いやはや、まさかまたその腕を見る事になるとは。フフフ、懐かしいものだな」


 イェルメスさんは優しい目つきでそう呟く。何か遠い日の記憶をを辿っているイェルメスさんの表情はとても穏やかだった。イェルメスさんは徐にブロンズの腕輪が付いている僕の腕を掴むと、腕輪に刻まれたスキルに視線を落とす。

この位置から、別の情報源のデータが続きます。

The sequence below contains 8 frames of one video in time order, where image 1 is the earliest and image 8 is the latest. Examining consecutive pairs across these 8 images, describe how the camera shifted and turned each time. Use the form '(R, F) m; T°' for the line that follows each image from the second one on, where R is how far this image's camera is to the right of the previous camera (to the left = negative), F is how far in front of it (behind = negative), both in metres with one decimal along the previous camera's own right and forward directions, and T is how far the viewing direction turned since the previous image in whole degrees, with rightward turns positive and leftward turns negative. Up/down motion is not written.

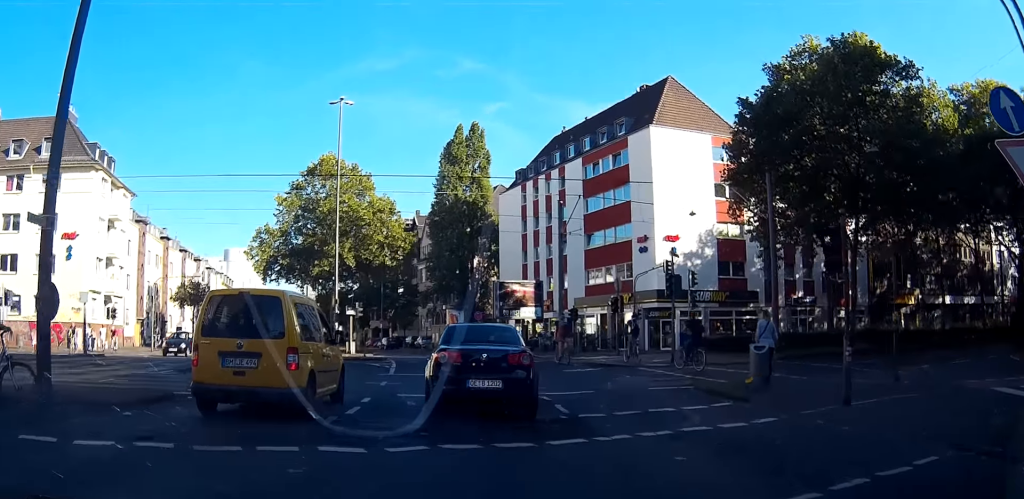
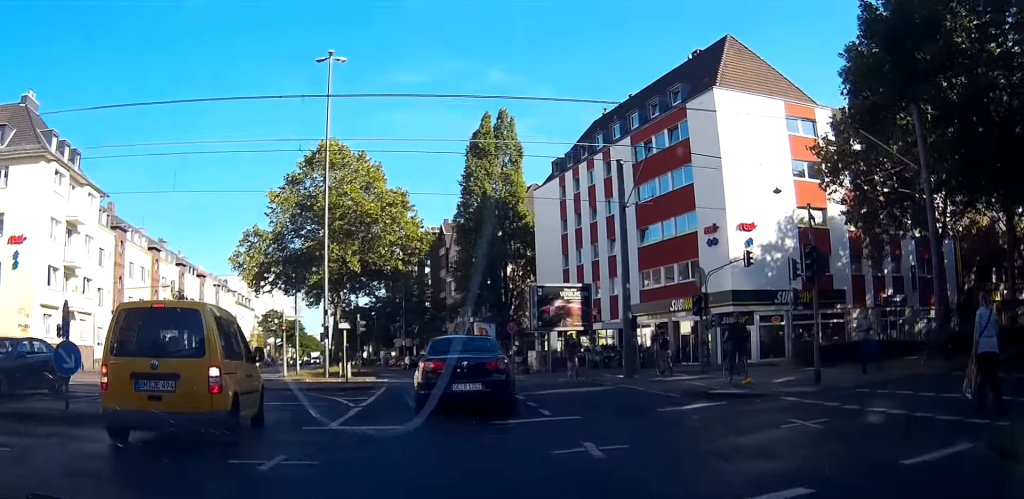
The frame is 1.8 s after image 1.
(+0.8, +15.1) m; 0°
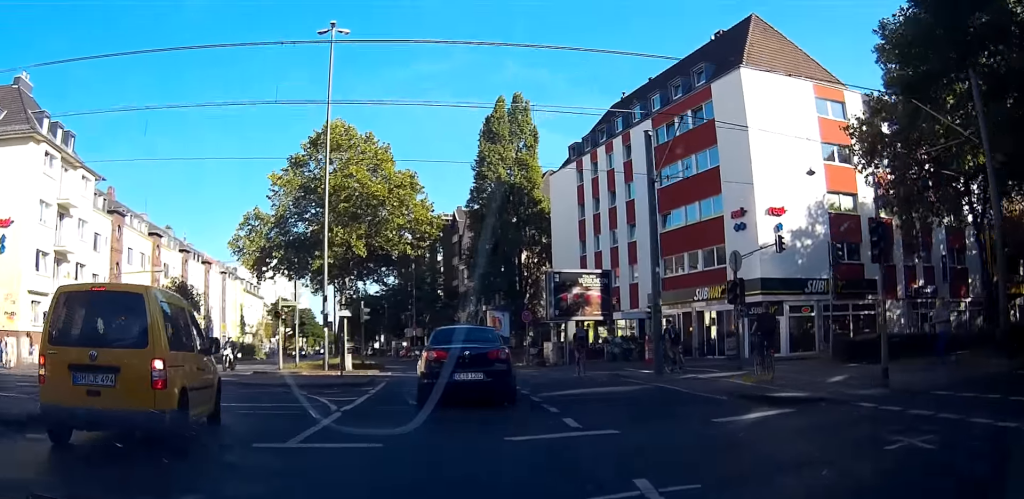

「ほお、君はやはり勇者の運命に選ばれている様だ。既に『必中』、『無効』、『分解』のスキルを習得しているとは中々。ジーク君はかなり強いな」

「い、いえ! 全然そんな事ありませんよ! 毎回必死で戦っていますから」

「君が選ばれた理由が分かる気がするよ」


 イェルメスさんはそう言いながら僕に微笑みかけくれた。

 この人が纏う空気は不思議だ。優しくて強くて、全てを包み込むような暖かささえ感じる。これが勇者と共に魔王を倒して世界を平和にした人のオーラというものか。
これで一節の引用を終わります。